The raid is central to the movie serving as a subplot. The documentary begins with text messages from Lazar to the filmmaker as the raid is allegedly happening. Then the movie goes forward talking about his work at S4 but mainly serving as an extended commercial for the business that Lazar runs. Here's why I doubt the raid story: there are no pictures of it. The movie was filmed within the last five years and a giant FBI raid on a small business in Michigan would certainly have made the news. Especially given the involvement of the infamous Lazar. No footage exists, no raid story in the newspaper, nothing. In 2003 Lazar's home was raided by the CPSC for selling chemicals that were restricted from being shipped across state lines. In an article in Wired, they talk about the law and how restrictive/unnecessary it is, but nothing comes up about the "real" reason they were raided which the documentary strongly implies. Lazar's business is run out of a strip mall, and there's plenty of foot traffic, a bank is across the street, but no one saw anything that day when so many people raided the business that Lazar lost count of them.
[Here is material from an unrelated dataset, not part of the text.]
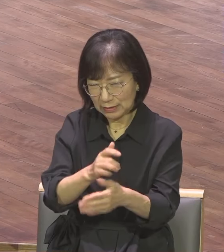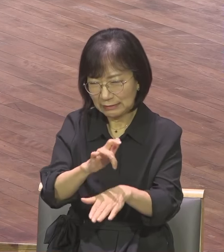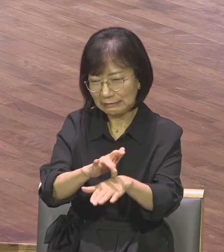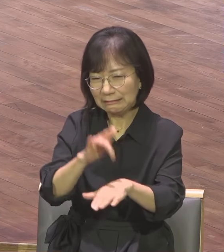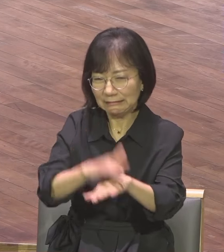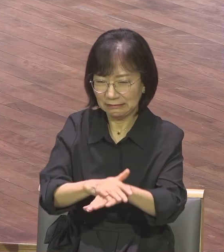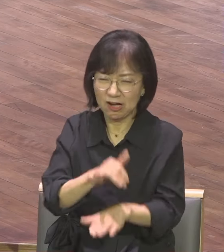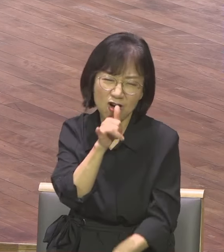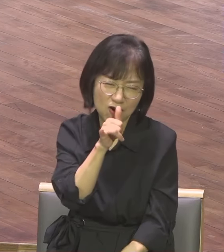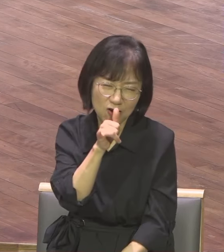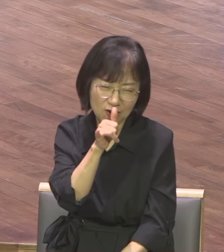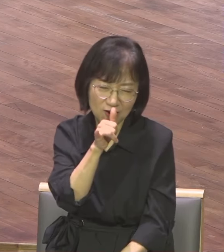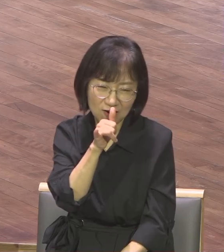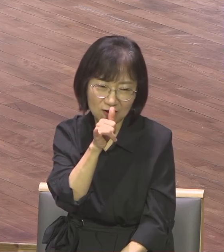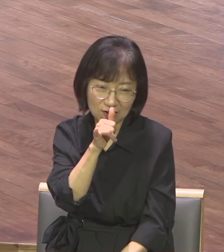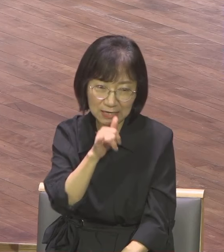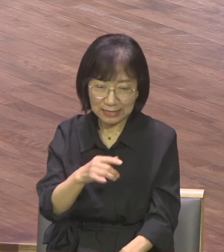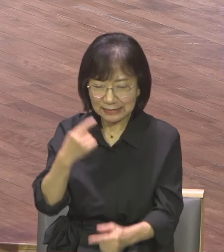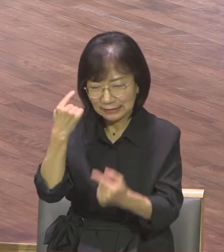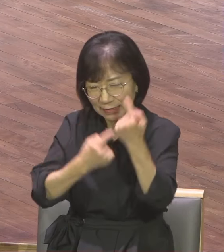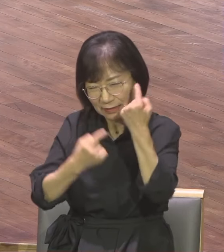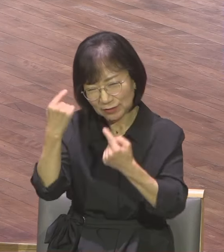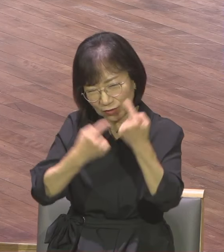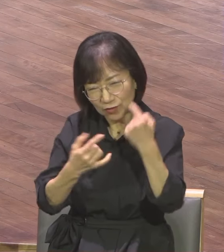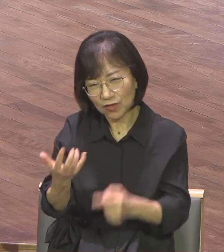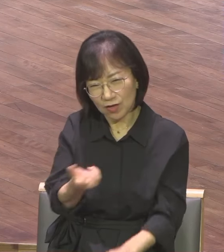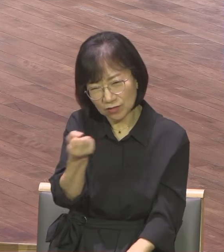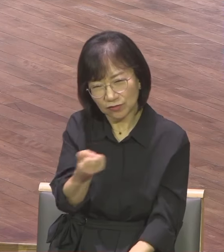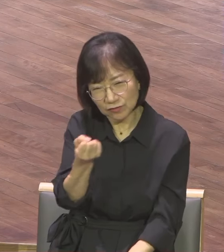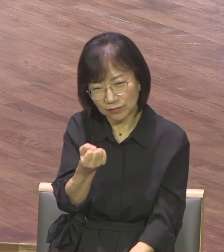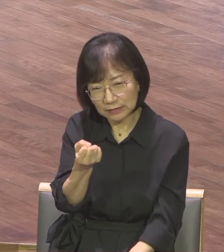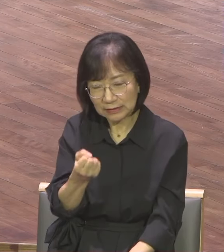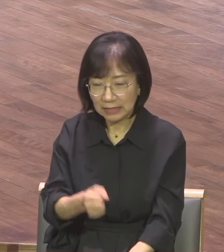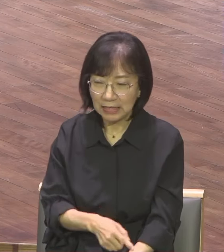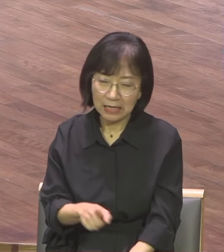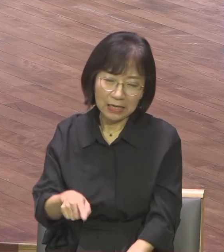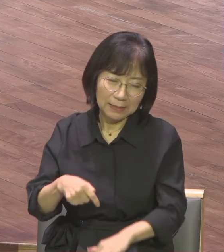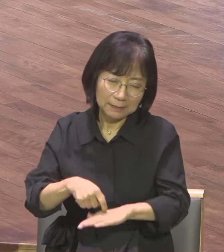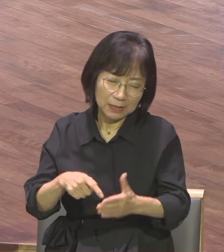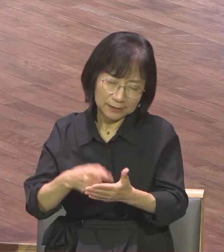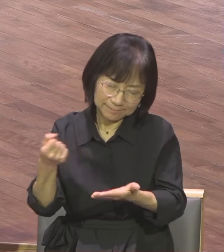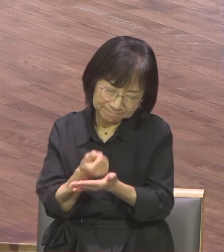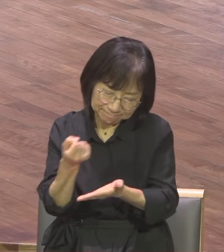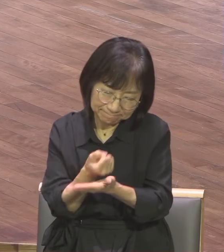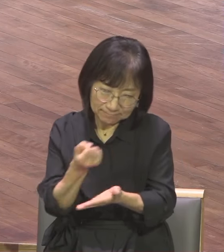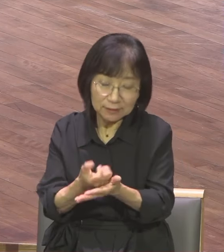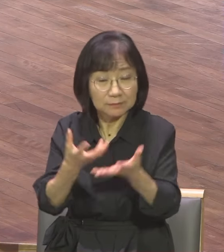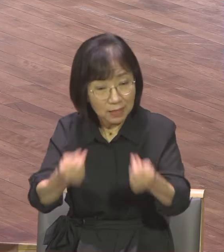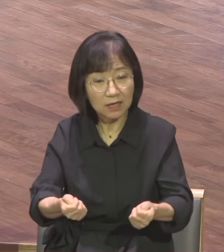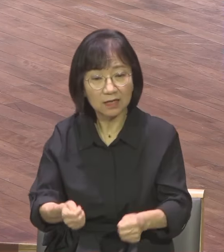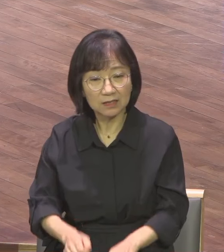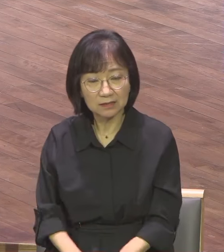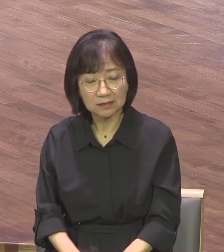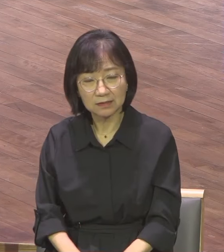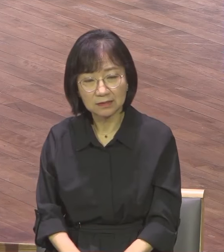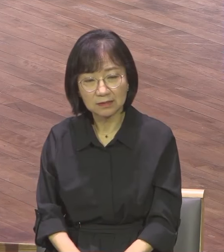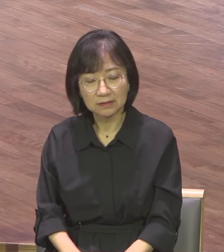있는데 왜 이렇게 상처는 많은지 왜 이렇게 섭섭함은 많은지 왜 이렇게 악한 모습은 많은지

My conclusion: I said it earlier, he's made up this story and to some extent he may even believe it, but he needs to offer some proof of these claims rather than just affirming the suspicions of UFO conspiracy theorists.

Secondly, as a documentary this thing is terrible. The B-roll is random to say the least, and for some reason played backwards. I don't know what effect this was trying to achieve but it's distracting. I suppose there choice of using science-y things was an attempt to lend credibility to the story the filmmaker believes but that's another supposition. The Mickey Rourke narration was silly and it comes across like they just recorded him drunk on scotch rambling poetically about nothing whatsoever.

The whole thing is an argument from ignorance. We don't know what happens at 51 so we can just make it up. Why not claim the aliens are there? It's not like a reporter can just walk in and snap pictures. Not knowing is not proof of anything or everything, it's proof that we don't know and that's not a conspiracy.